▶ [WORK REQUEST] Repeat all of the data word for word so that only the pictures are missing from the copy.

(Beginning of RECORDED DATA)

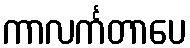
ကာလင်္ကတာပေ
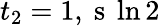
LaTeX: t_{2}=1,\mathrm{~s~}\ln{2}
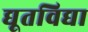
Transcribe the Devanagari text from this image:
द्यूतविद्या
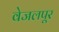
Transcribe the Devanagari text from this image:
वेजलपूर
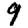
Digit: 9
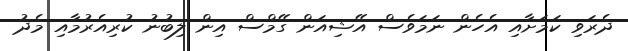
ދެރަވި ކަމަށާއި އެހެން ނަމަވެސް އޭޝިއަން ގޭމްސް އިން ލިބުނު ކުރިއެރުމާއި މެދު
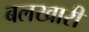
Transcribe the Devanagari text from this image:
बलखारी
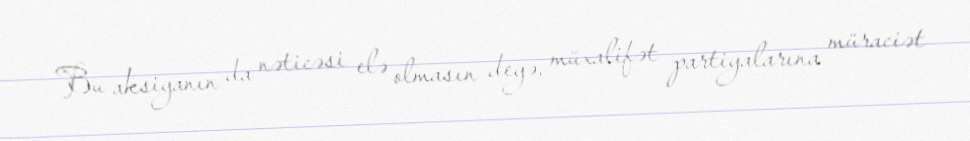
Bu aksiyanın da nəticəsi elə olmasın deyə, müxalifət partiyalarına müraciət
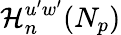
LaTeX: \mathcal{H}_{n}^{u^{\prime}w^{\prime}}(N_{p})
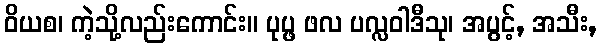
ဝိယစ၊ ကဲ့သို့လည်းကောင်း။ ပုပ္ဖ ဖလ ပလ္လဝါဒီသု၊ အပွင့်, အသီး,
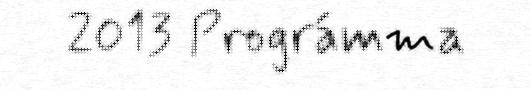
2013 Prográmma
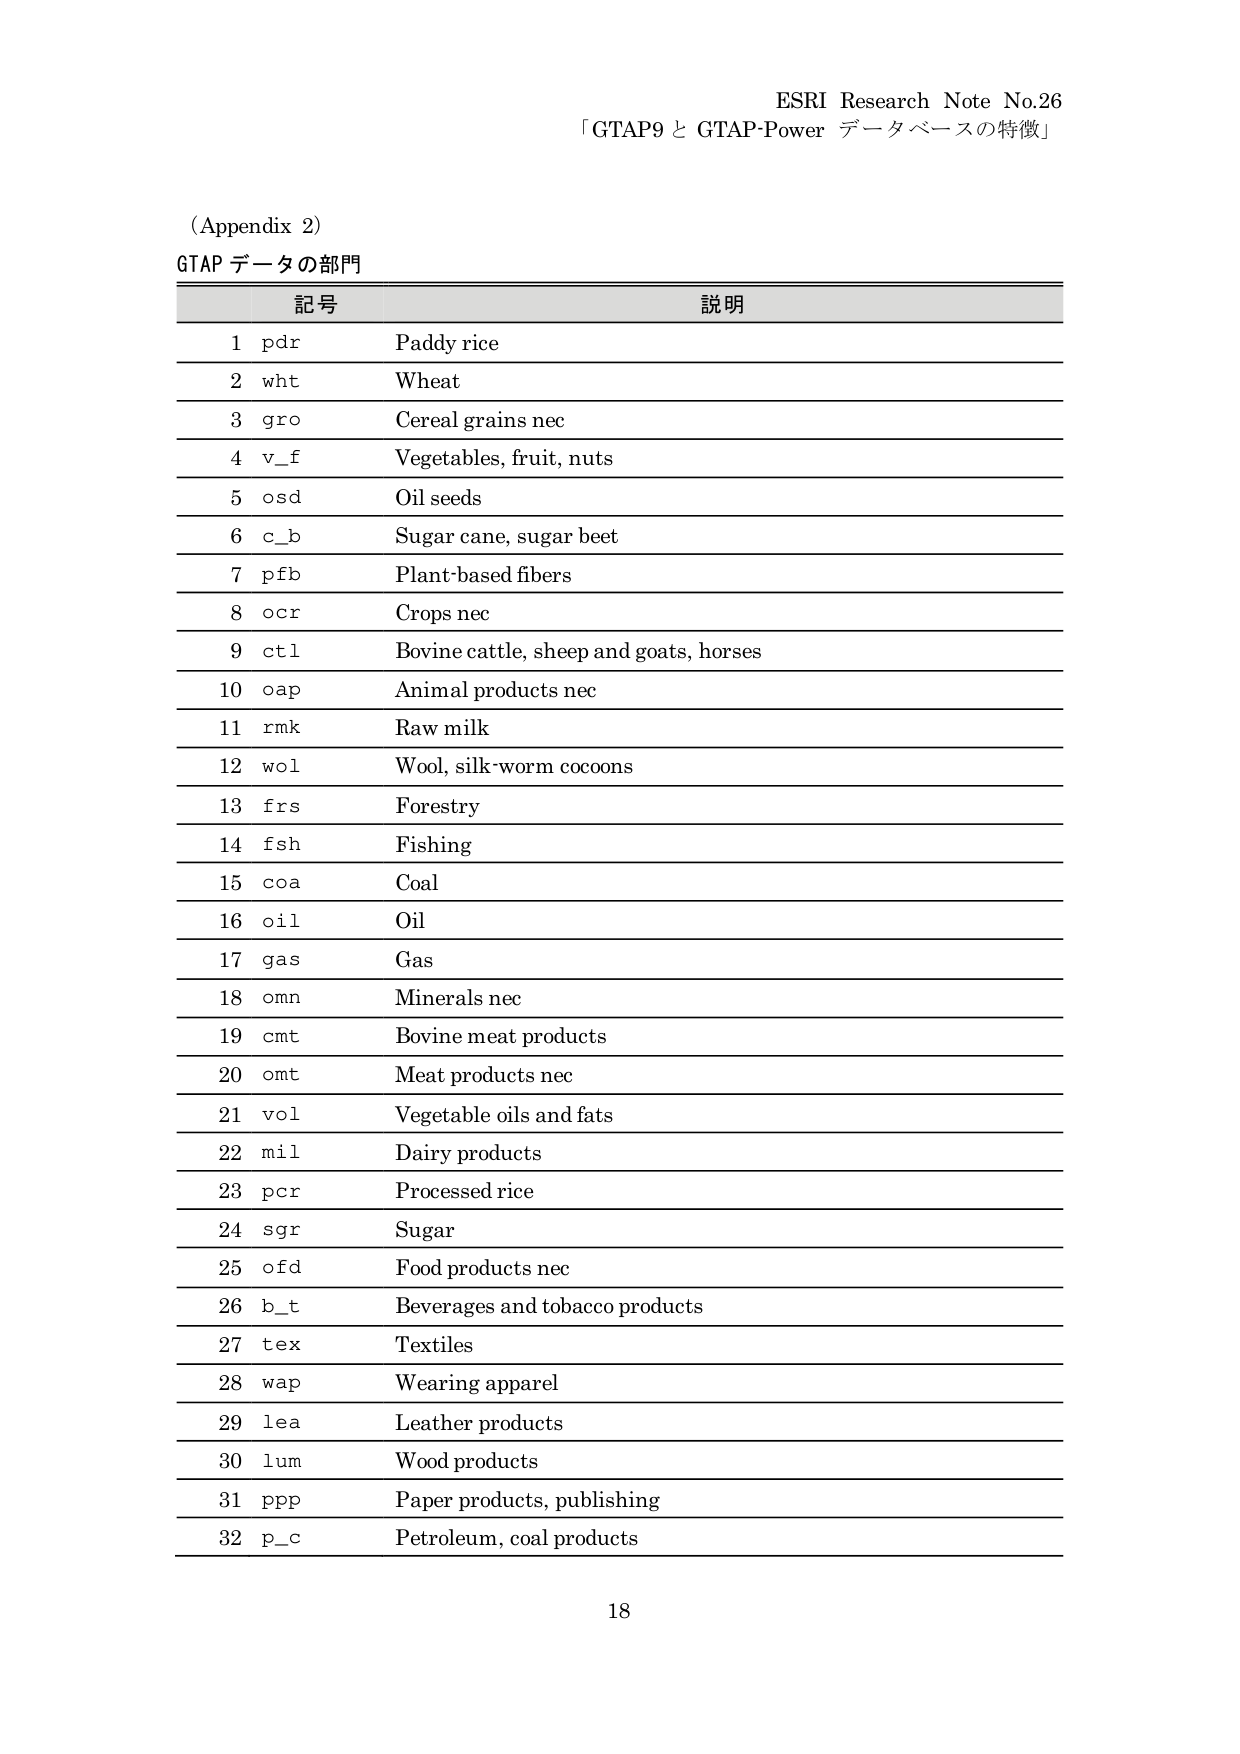
ESRI Research Note No.26
「GTAP9 と GTAP-Power データベースの特徴」

(Appendix 2)
GTAP データの部門

記号 説明
1 pdr Paddy rice
2 wht Wheat
3 gro Cereal grains nec
4 v_f Vegetables, fruit, nuts
5 osd Oil seeds
6 c_b Sugar cane, sugar beet
7 pfb Plant-based fibers
8 ocr Crops nec
9 ctl Bovine cattle, sheep and goats, horses
10 oap Animal products nec
11 rmk Raw milk
12 wol Wool, silk-worm cocoons
13 frs Forestry
14 fsh Fishing
15 coa Coal
16 oil Oil
17 gas Gas
18 omn Minerals nec
19 cmt Bovine meat products
20 omt Meat products nec
21 vol Vegetable oils and fats
22 mil Dairy products
23 pcr Processed rice
24 sgr Sugar
25 ofd Food products nec
26 b_t Beverages and tobacco products
27 tex Textiles
28 wap Wearing apparel
29 lea Leather products
30 lum Wood products
31 ppp Paper products, publishing
32 p_c Petroleum, coal products

18
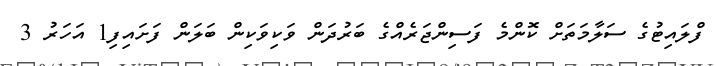
ފްލައިޓުގެ ސަލާމަތަށް ކޮންމެ ފަސިންޖަރެއްގެ ބަރުދަން ވަކިވަކިން ބަލަން ފަށައިފި1 އަހަރު 3
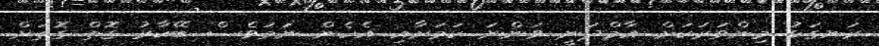
ރަނގަޅު މިންވަރަކަށް އާމްދަނީ ވަންނަ ކަމަށާއި އެހެން ނަމަވެސް ބޭކާރު ގޮތް ގޮތަށް
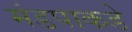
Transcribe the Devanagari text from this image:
मंडपाकडे
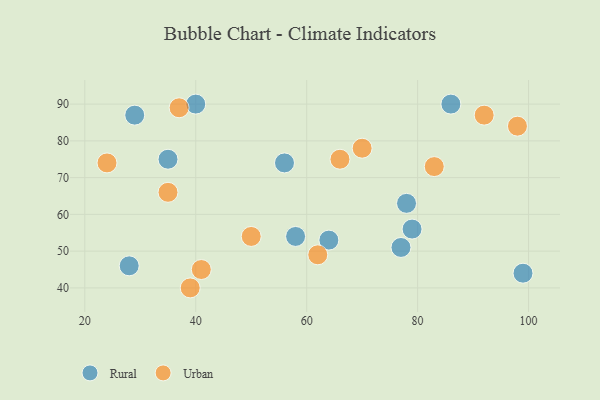
{"axis": {"x": "GDP", "y": "Life Expectancy"}, "legend": ["Rural", "Urban"], "data": [{"x": "78", "y": 63, "type": "Rural"}, {"x": "99", "y": 44, "type": "Rural"}, {"x": "28", "y": 46, "type": "Rural"}, {"x": "64", "y": 53, "type": "Rural"}, {"x": "79", "y": 56, "type": "Rural"}, {"x": "35", "y": 75, "type": "Rural"}, {"x": "40", "y": 90, "type": "Rural"}, {"x": "58", "y": 54, "type": "Rural"}, {"x": "86", "y": 90, "type": "Rural"}, {"x": "77", "y": 51, "type": "Rural"}, {"x": "56", "y": 74, "type": "Rural"}, {"x": "29", "y": 87, "type": "Rural"}, {"x": "41", "y": 45, "type": "Urban"}, {"x": "37", "y": 89, "type": "Urban"}, {"x": "83", "y": 73, "type": "Urban"}, {"x": "98", "y": 84, "type": "Urban"}, {"x": "39", "y": 40, "type": "Urban"}, {"x": "70", "y": 78, "type": "Urban"}, {"x": "92", "y": 87, "type": "Urban"}, {"x": "66", "y": 75, "type": "Urban"}, {"x": "62", "y": 49, "type": "Urban"}, {"x": "50", "y": 54, "type": "Urban"}, {"x": "35", "y": 66, "type": "Urban"}, {"x": "24", "y": 74, "type": "Urban"}]}
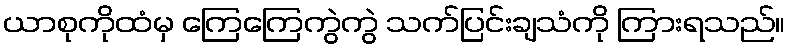
ယာစုကိုထံမှ ကြေကြေကွဲကွဲ သက်ပြင်းချသံကို ကြားရသည်။
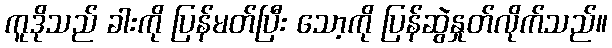
ကူဒိုသည် ခါးကို ပြန်မတ်ပြီး သော့ကို ပြန်ဆွဲနှုတ်လိုက်သည်။
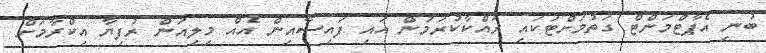
ބުނި އެޕާޓްމަންޓް ގަތުމަށްޓަކައި ރައްކާކުރަމުން އައި ފައިސާއިން އެއް މިލިއަން ރުފިޔާ އިކްރާމަށް
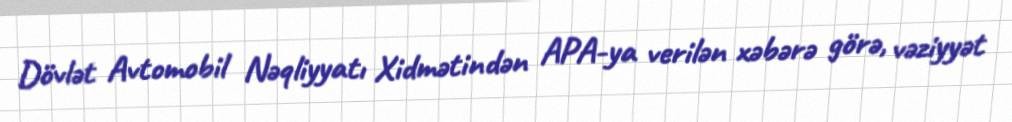
Dövlət Avtomobil Nəqliyyatı Xidmətindən APA-ya verilən xəbərə görə, vəziyyət
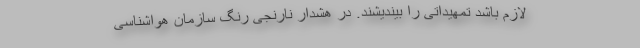
لازم باشد تمهیداتی را بیندیشند. در هشدار نارنجی ‌رنگ سازمان هواشناسی
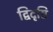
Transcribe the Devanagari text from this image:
द्विदृष्टि
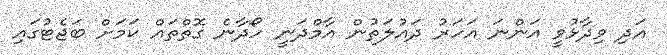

(End of RECORDED DATA)

▶ [SOLUTION FOR THIS TASK]
ကာလင်္ကတာပေ
LaTeX: t_{2}=1,\mathrm{~s~}\ln{2}
Transcribe the Devanagari text from this image:
द्यूतविद्या
Transcribe the Devanagari text from this image:
वेजलपूर
Digit: 9
ދެރަވި ކަމަށާއި އެހެން ނަމަވެސް އޭޝިއަން ގޭމްސް އިން ލިބުނު ކުރިއެރުމާއި މެދު
Transcribe the Devanagari text from this image:
बलखारी
Bu aksiyanın da nəticəsi elə olmasın deyə, müxalifət partiyalarına müraciət
LaTeX: \mathcal{H}_{n}^{u^{\prime}w^{\prime}}(N_{p})
ဝိယစ၊ ကဲ့သို့လည်းကောင်း။ ပုပ္ဖ ဖလ ပလ္လဝါဒီသု၊ အပွင့်, အသီး,
2013 Prográmma
ESRI Research Note No.26
「GTAP9 と GTAP-Power データベースの特徴」

(Appendix 2)
GTAP データの部門

記号 説明
1 pdr Paddy rice
2 wht Wheat
3 gro Cereal grains nec
4 v_f Vegetables, fruit, nuts
5 osd Oil seeds
6 c_b Sugar cane, sugar beet
7 pfb Plant-based fibers
8 ocr Crops nec
9 ctl Bovine cattle, sheep and goats, horses
10 oap Animal products nec
11 rmk Raw milk
12 wol Wool, silk-worm cocoons
13 frs Forestry
14 fsh Fishing
15 coa Coal
16 oil Oil
17 gas Gas
18 omn Minerals nec
19 cmt Bovine meat products
20 omt Meat products nec
21 vol Vegetable oils and fats
22 mil Dairy products
23 pcr Processed rice
24 sgr Sugar
25 ofd Food products nec
26 b_t Beverages and tobacco products
27 tex Textiles
28 wap Wearing apparel
29 lea Leather products
30 lum Wood products
31 ppp Paper products, publishing
32 p_c Petroleum, coal products

18
ފްލައިޓުގެ ސަލާމަތަށް ކޮންމެ ފަސިންޖަރެއްގެ ބަރުދަން ވަކިވަކިން ބަލަން ފަށައިފި1 އަހަރު 3
ރަނގަޅު މިންވަރަކަށް އާމްދަނީ ވަންނަ ކަމަށާއި އެހެން ނަމަވެސް ބޭކާރު ގޮތް ގޮތަށް
Transcribe the Devanagari text from this image:
मंडपाकडे
{"axis": {"x": "GDP", "y": "Life Expectancy"}, "legend": ["Rural", "Urban"], "data": [{"x": "78", "y": 63, "type": "Rural"}, {"x": "99", "y": 44, "type": "Rural"}, {"x": "28", "y": 46, "type": "Rural"}, {"x": "64", "y": 53, "type": "Rural"}, {"x": "79", "y": 56, "type": "Rural"}, {"x": "35", "y": 75, "type": "Rural"}, {"x": "40", "y": 90, "type": "Rural"}, {"x": "58", "y": 54, "type": "Rural"}, {"x": "86", "y": 90, "type": "Rural"}, {"x": "77", "y": 51, "type": "Rural"}, {"x": "56", "y": 74, "type": "Rural"}, {"x": "29", "y": 87, "type": "Rural"}, {"x": "41", "y": 45, "type": "Urban"}, {"x": "37", "y": 89, "type": "Urban"}, {"x": "83", "y": 73, "type": "Urban"}, {"x": "98", "y": 84, "type": "Urban"}, {"x": "39", "y": 40, "type": "Urban"}, {"x": "70", "y": 78, "type": "Urban"}, {"x": "92", "y": 87, "type": "Urban"}, {"x": "66", "y": 75, "type": "Urban"}, {"x": "62", "y": 49, "type": "Urban"}, {"x": "50", "y": 54, "type": "Urban"}, {"x": "35", "y": 66, "type": "Urban"}, {"x": "24", "y": 74, "type": "Urban"}]}
ယာစုကိုထံမှ ကြေကြေကွဲကွဲ သက်ပြင်းချသံကို ကြားရသည်။
ကူဒိုသည် ခါးကို ပြန်မတ်ပြီး သော့ကို ပြန်ဆွဲနှုတ်လိုက်သည်။
ބުނި އެޕާޓްމަންޓް ގަތުމަށްޓަކައި ރައްކާކުރަމުން އައި ފައިސާއިން އެއް މިލިއަން ރުފިޔާ އިކްރާމަށް
Dövlət Avtomobil Nəqliyyatı Xidmətindən APA-ya verilən xəbərə görə, vəziyyət
لازم باشد تمهیداتی را بیندیشند. در هشدار نارنجی ‌رنگ سازمان هواشناسی
Transcribe the Devanagari text from this image:
द्विदृष्टि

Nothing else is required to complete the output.